From the data below, return all lines holding the string "stroke".

Dataset excerpts
-- Opening Marker --

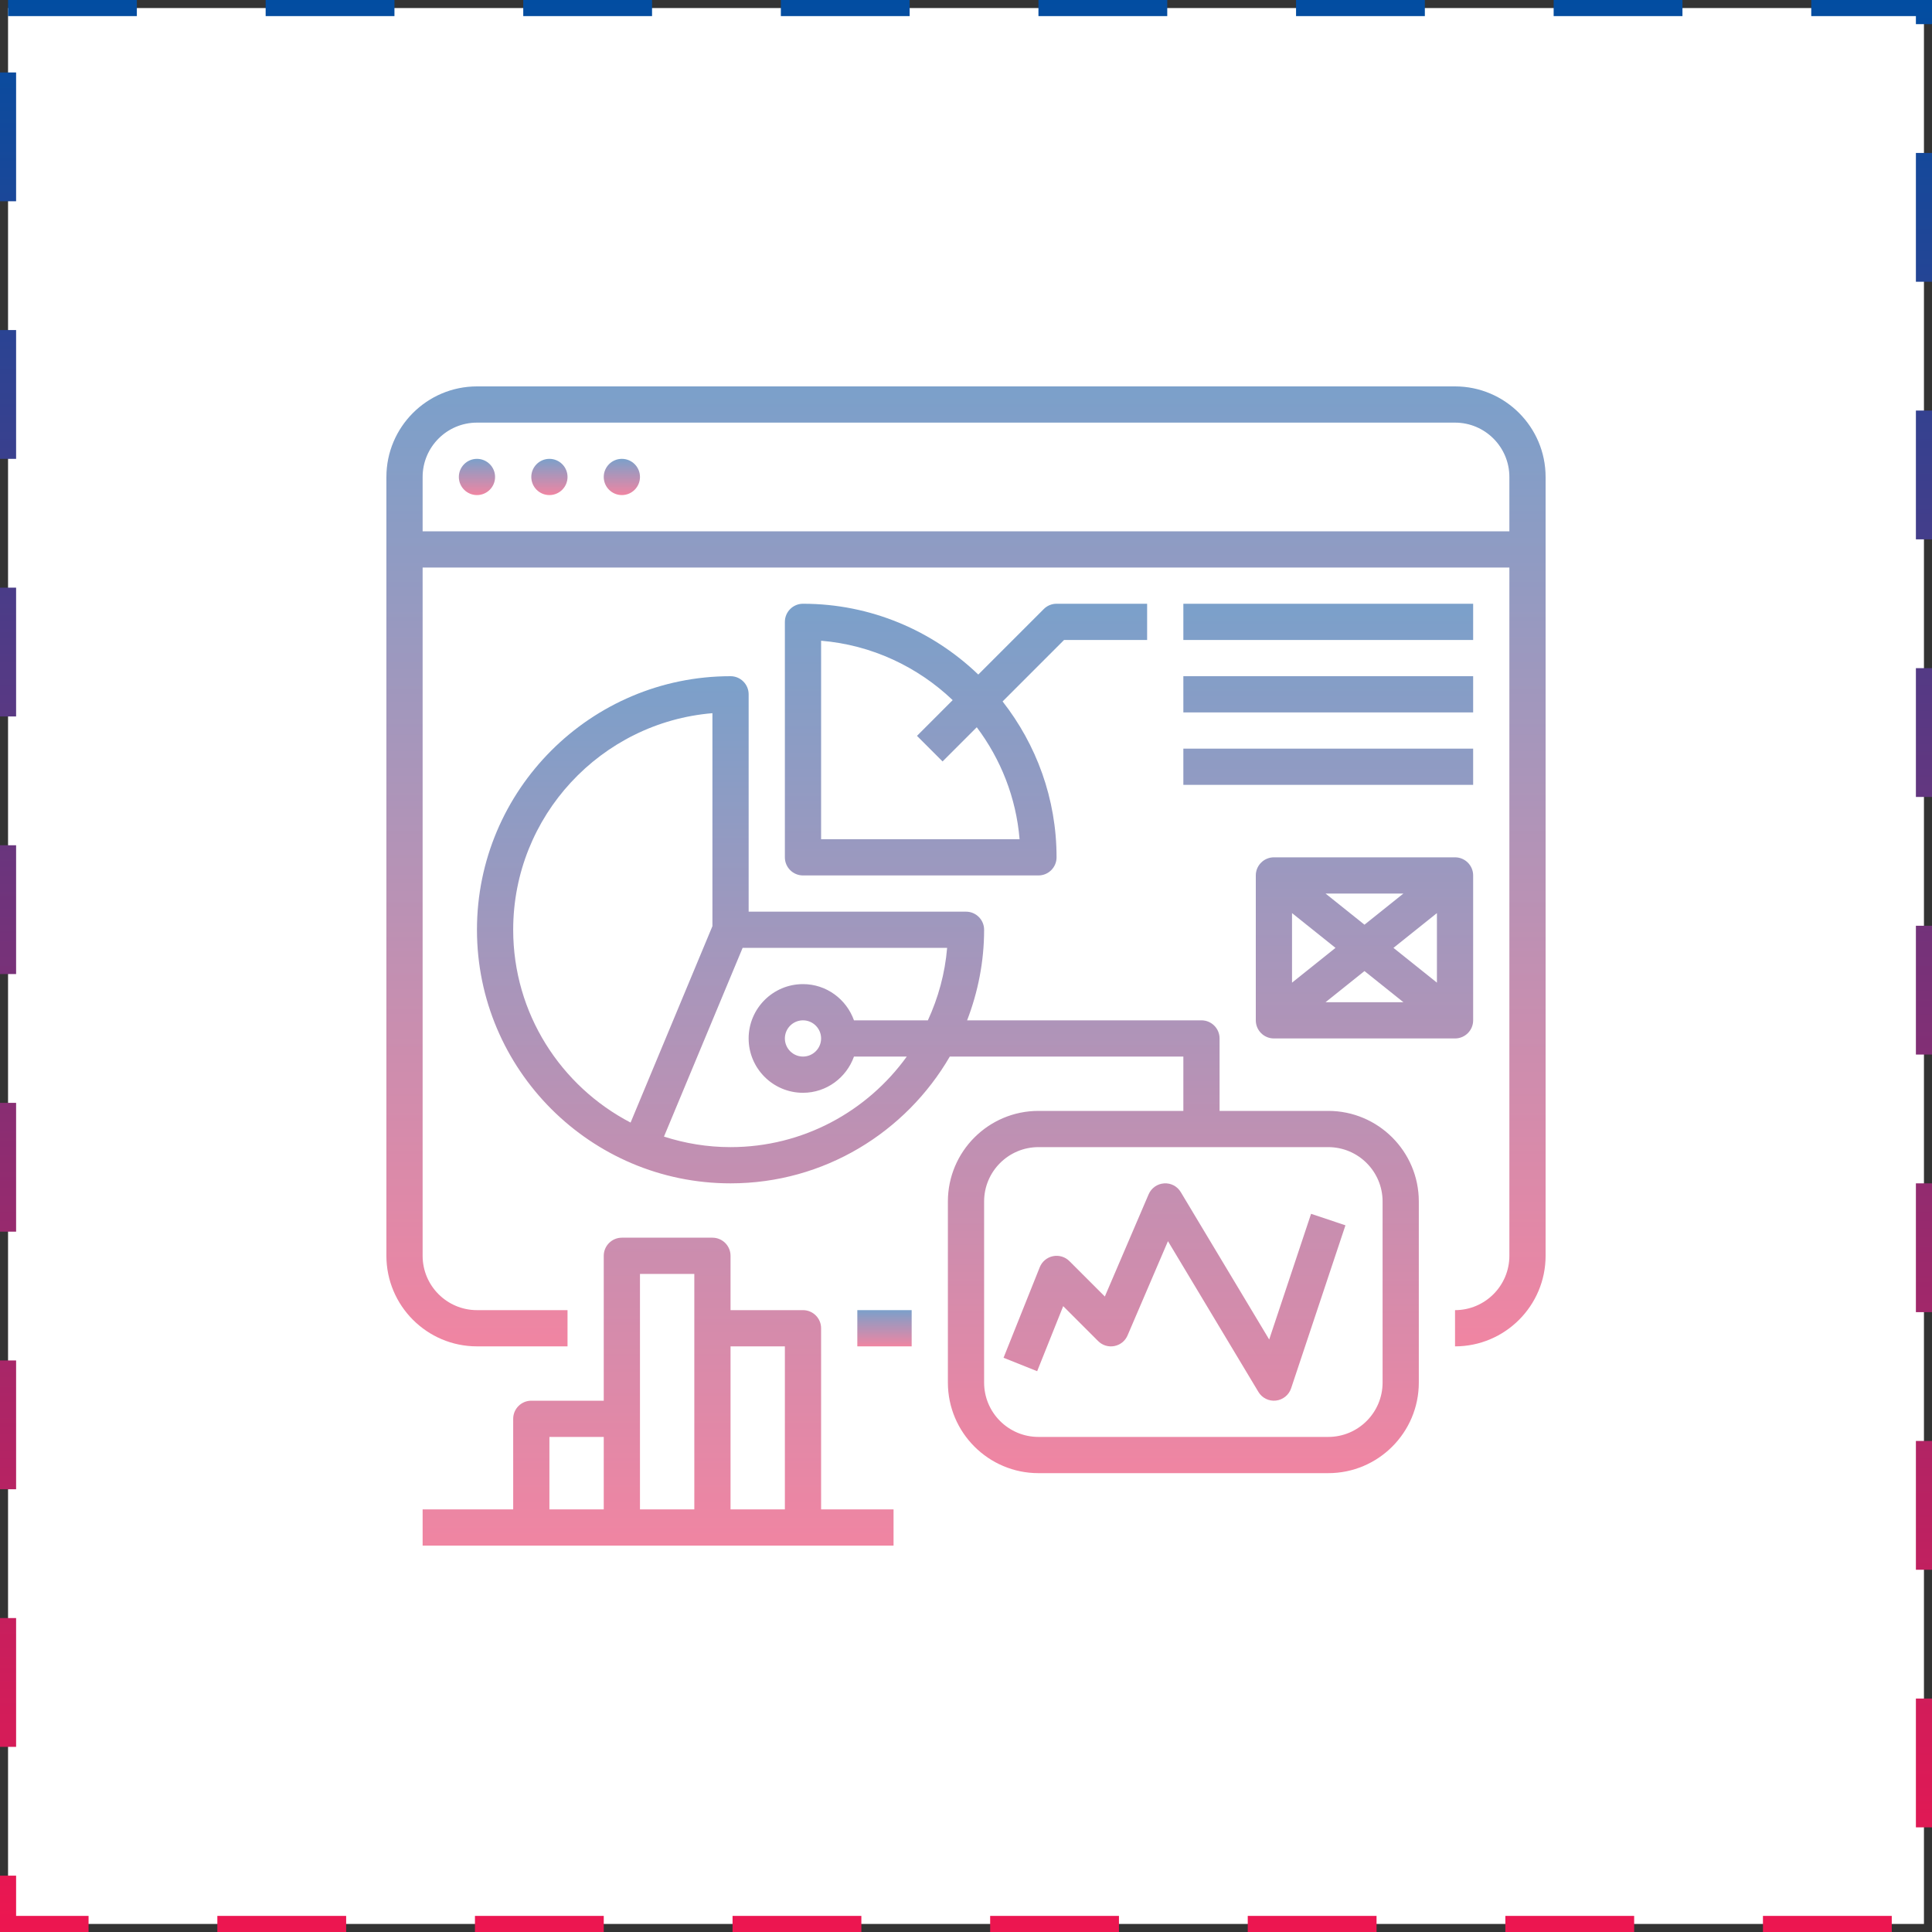 <svg width="120" height="120" viewBox="0 0 120 120" fill="none" xmlns="http://www.w3.org/2000/svg">
<rect x="0" y="0" width="120" height="120" fill="#333333" stroke="none"/>
<rect x="0.5" y="0.5" width="119" height="119" fill="white" stroke="url(#paint0_linear_1820_2138)" stroke-dasharray="8 8"/>
<g clip-path="url(#clip0_1820_2138)">
<path d="M53.25 81.375H56.625V83.625H53.25V81.375Z" fill="url(#paint1_linear_1820_2138)"/>
<path d="M90.375 24H29.625C26.523 24 24 26.523 24 29.625V78C24 81.102 26.523 83.625 29.625 83.625H35.25V81.375H29.625C27.764 81.375 26.25 79.861 26.25 78V35.25H93.75V78C93.75 79.861 92.236 81.375 90.375 81.375V83.625C93.477 83.625 96 81.102 96 78V29.625C96 26.523 93.477 24 90.375 24ZM93.75 33H26.25V29.625C26.25 27.764 27.764 26.25 29.625 26.25H90.375C92.236 26.25 93.75 27.764 93.75 29.625V33Z" fill="url(#paint2_linear_1820_2138)"/>
<path d="M29.625 30.75C30.246 30.75 30.75 30.246 30.75 29.625C30.75 29.004 30.246 28.5 29.625 28.5C29.004 28.5 28.5 29.004 28.5 29.625C28.5 30.246 29.004 30.75 29.625 30.75Z" fill="url(#paint3_linear_1820_2138)"/>
<path d="M34.125 30.75C34.746 30.75 35.25 30.246 35.25 29.625C35.25 29.004 34.746 28.5 34.125 28.5C33.504 28.5 33 29.004 33 29.625C33 30.246 33.504 30.75 34.125 30.75Z" fill="url(#paint4_linear_1820_2138)"/>
<path d="M38.625 30.75C39.246 30.75 39.75 30.246 39.75 29.625C39.75 29.004 39.246 28.5 38.625 28.5C38.004 28.5 37.5 29.004 37.5 29.625C37.5 30.246 38.004 30.75 38.625 30.75Z" fill="url(#paint5_linear_1820_2138)"/>
<path d="M82.5 69H75.75V64.5C75.75 63.879 75.246 63.375 74.625 63.375H60.069C60.741 61.626 61.125 59.733 61.125 57.75C61.125 57.129 60.621 56.625 60 56.625H46.5V43.125C46.5 42.504 45.996 42 45.375 42C36.69 42 29.625 49.065 29.625 57.75C29.625 66.435 36.69 73.5 45.375 73.5C51.189 73.5 56.266 70.324 58.994 65.625H73.5V69H64.5C61.398 69 58.875 71.523 58.875 74.625V85.875C58.875 88.977 61.398 91.5 64.5 91.5H82.5C85.602 91.5 88.125 88.977 88.125 85.875V74.625C88.125 71.523 85.602 69 82.5 69ZM31.875 57.75C31.875 50.685 37.331 44.87 44.25 44.297V57.525L39.167 69.725C34.84 67.473 31.875 62.955 31.875 57.75ZM57.632 63.375H53.042C52.576 62.069 51.339 61.125 49.874 61.125C48.013 61.125 46.499 62.639 46.499 64.5C46.499 66.361 48.013 67.875 49.874 67.875C51.339 67.875 52.576 66.931 53.042 65.625H56.322C53.869 69.026 49.88 71.25 45.375 71.25C43.933 71.25 42.544 71.017 41.241 70.596L46.125 58.875H58.828C58.695 60.471 58.273 61.983 57.632 63.375ZM51 64.5C51 65.12 50.495 65.625 49.875 65.625C49.255 65.625 48.75 65.12 48.75 64.5C48.75 63.88 49.255 63.375 49.875 63.375C50.495 63.375 51 63.88 51 64.5ZM85.875 85.875C85.875 87.736 84.361 89.25 82.5 89.25H64.5C62.639 89.25 61.125 87.736 61.125 85.875V74.625C61.125 72.764 62.639 71.25 64.5 71.25H82.5C84.361 71.25 85.875 72.764 85.875 74.625V85.875Z" fill="url(#paint6_linear_1820_2138)"/>
<path d="M65.625 37.5C65.327 37.5 65.04 37.618 64.83 37.83L60.763 41.897C57.931 39.181 54.099 37.5 49.875 37.5C49.254 37.5 48.75 38.004 48.75 38.625V53.25C48.75 53.871 49.254 54.375 49.875 54.375H64.5C65.121 54.375 65.625 53.871 65.625 53.25C65.625 49.599 64.365 46.242 62.273 43.568L66.091 39.75H71.25V37.5H65.625ZM63.328 52.125H51V39.797C54.158 40.059 57.004 41.421 59.173 43.486L56.955 45.705L58.545 47.295L60.669 45.171C62.151 47.145 63.113 49.529 63.328 52.125ZM73.5 37.5H91.5V39.75H73.5V37.5ZM73.5 42H91.5V44.25H73.5V42ZM73.5 46.5H91.5V48.75H73.5V46.5ZM51 93.75V82.5C51 81.879 50.496 81.375 49.875 81.375H45.375V78C45.375 77.379 44.871 76.875 44.25 76.875H38.625C38.004 76.875 37.5 77.379 37.5 78V87H33C32.379 87 31.875 87.504 31.875 88.125V93.75H26.25V96H55.5V93.75H51ZM37.5 93.75H34.125V89.25H37.5V93.75ZM43.125 82.5V93.75H39.75V79.125H43.125V82.5ZM48.75 93.75H45.375V83.625H48.75V93.75ZM81.433 75.393L78.832 83.199L73.341 74.046C73.124 73.683 72.734 73.473 72.301 73.502C71.879 73.53 71.51 73.793 71.343 74.182L68.623 80.53L66.423 78.33C66.291 78.198 66.129 78.101 65.95 78.048C65.772 77.995 65.583 77.986 65.401 78.024C65.218 78.061 65.048 78.143 64.905 78.263C64.762 78.382 64.651 78.535 64.582 78.708L62.332 84.333L64.42 85.168L66.037 81.127L68.206 83.296C68.336 83.427 68.495 83.523 68.671 83.577C68.847 83.631 69.033 83.641 69.214 83.606C69.394 83.571 69.564 83.493 69.707 83.378C69.85 83.262 69.963 83.114 70.035 82.944L72.544 77.091L78.162 86.454C78.272 86.639 78.433 86.788 78.626 86.883C78.818 86.979 79.034 87.017 79.248 86.993C79.462 86.97 79.664 86.885 79.832 86.75C79.999 86.615 80.124 86.435 80.193 86.231L83.568 76.106L81.433 75.393ZM90.375 53.25H79.125C78.504 53.25 78 53.754 78 54.375V63.375C78 63.996 78.504 64.5 79.125 64.5H90.375C90.996 64.5 91.5 63.996 91.5 63.375V54.375C91.5 53.754 90.996 53.25 90.375 53.25ZM87.168 55.5L84.75 57.435L82.331 55.5H87.168ZM80.25 56.715L82.95 58.875L80.25 61.035V56.715ZM82.331 62.25L84.75 60.315L87.169 62.25H82.331ZM89.25 61.034L86.55 58.875L89.25 56.715V61.034Z" fill="url(#paint7_linear_1820_2138)"/>
</g>
<defs>
<linearGradient id="paint0_linear_1820_2138" x1="60" y1="0" x2="60" y2="120" gradientUnits="userSpaceOnUse">
<stop stop-color="#024DA1"/>
<stop offset="1" stop-color="#ED1650"/>
</linearGradient>
<linearGradient id="paint1_linear_1820_2138" x1="54.938" y1="81.375" x2="54.938" y2="83.625" gradientUnits="userSpaceOnUse">
<stop stop-color="#7BA0CA"/>
<stop offset="1" stop-color="#F085A2"/>
</linearGradient>
<linearGradient id="paint2_linear_1820_2138" x1="60" y1="24" x2="60" y2="83.625" gradientUnits="userSpaceOnUse">
<stop stop-color="#7BA0CA"/>
<stop offset="1" stop-color="#F085A2"/>
</linearGradient>
<linearGradient id="paint3_linear_1820_2138" x1="29.625" y1="28.5" x2="29.625" y2="30.75" gradientUnits="userSpaceOnUse">
<stop stop-color="#7BA0CA"/>
<stop offset="1" stop-color="#F085A2"/>
</linearGradient>
<linearGradient id="paint4_linear_1820_2138" x1="34.125" y1="28.5" x2="34.125" y2="30.75" gradientUnits="userSpaceOnUse">
<stop stop-color="#7BA0CA"/>
<stop offset="1" stop-color="#F085A2"/>
</linearGradient>
<linearGradient id="paint5_linear_1820_2138" x1="38.625" y1="28.5" x2="38.625" y2="30.75" gradientUnits="userSpaceOnUse">
<stop stop-color="#7BA0CA"/>
<stop offset="1" stop-color="#F085A2"/>
</linearGradient>
<linearGradient id="paint6_linear_1820_2138" x1="58.875" y1="42" x2="58.875" y2="91.5" gradientUnits="userSpaceOnUse">
<stop stop-color="#7BA0CA"/>
<stop offset="1" stop-color="#F085A2"/>
</linearGradient>
<linearGradient id="paint7_linear_1820_2138" x1="58.875" y1="37.5" x2="58.875" y2="96" gradientUnits="userSpaceOnUse">
<stop stop-color="#7BA0CA"/>
<stop offset="1" stop-color="#F085A2"/>
</linearGradient>
<clipPath id="clip0_1820_2138">
<rect width="72" height="72" fill="white" transform="translate(24 24)"/>
</clipPath>
</defs>
</svg>

-- Closing Marker --

## YOUR RESPONSE
<rect x="0" y="0" width="120" height="120" fill="#333333" stroke="none"/>
<rect x="0.5" y="0.5" width="119" height="119" fill="white" stroke="url(#paint0_linear_1820_2138)" stroke-dasharray="8 8"/>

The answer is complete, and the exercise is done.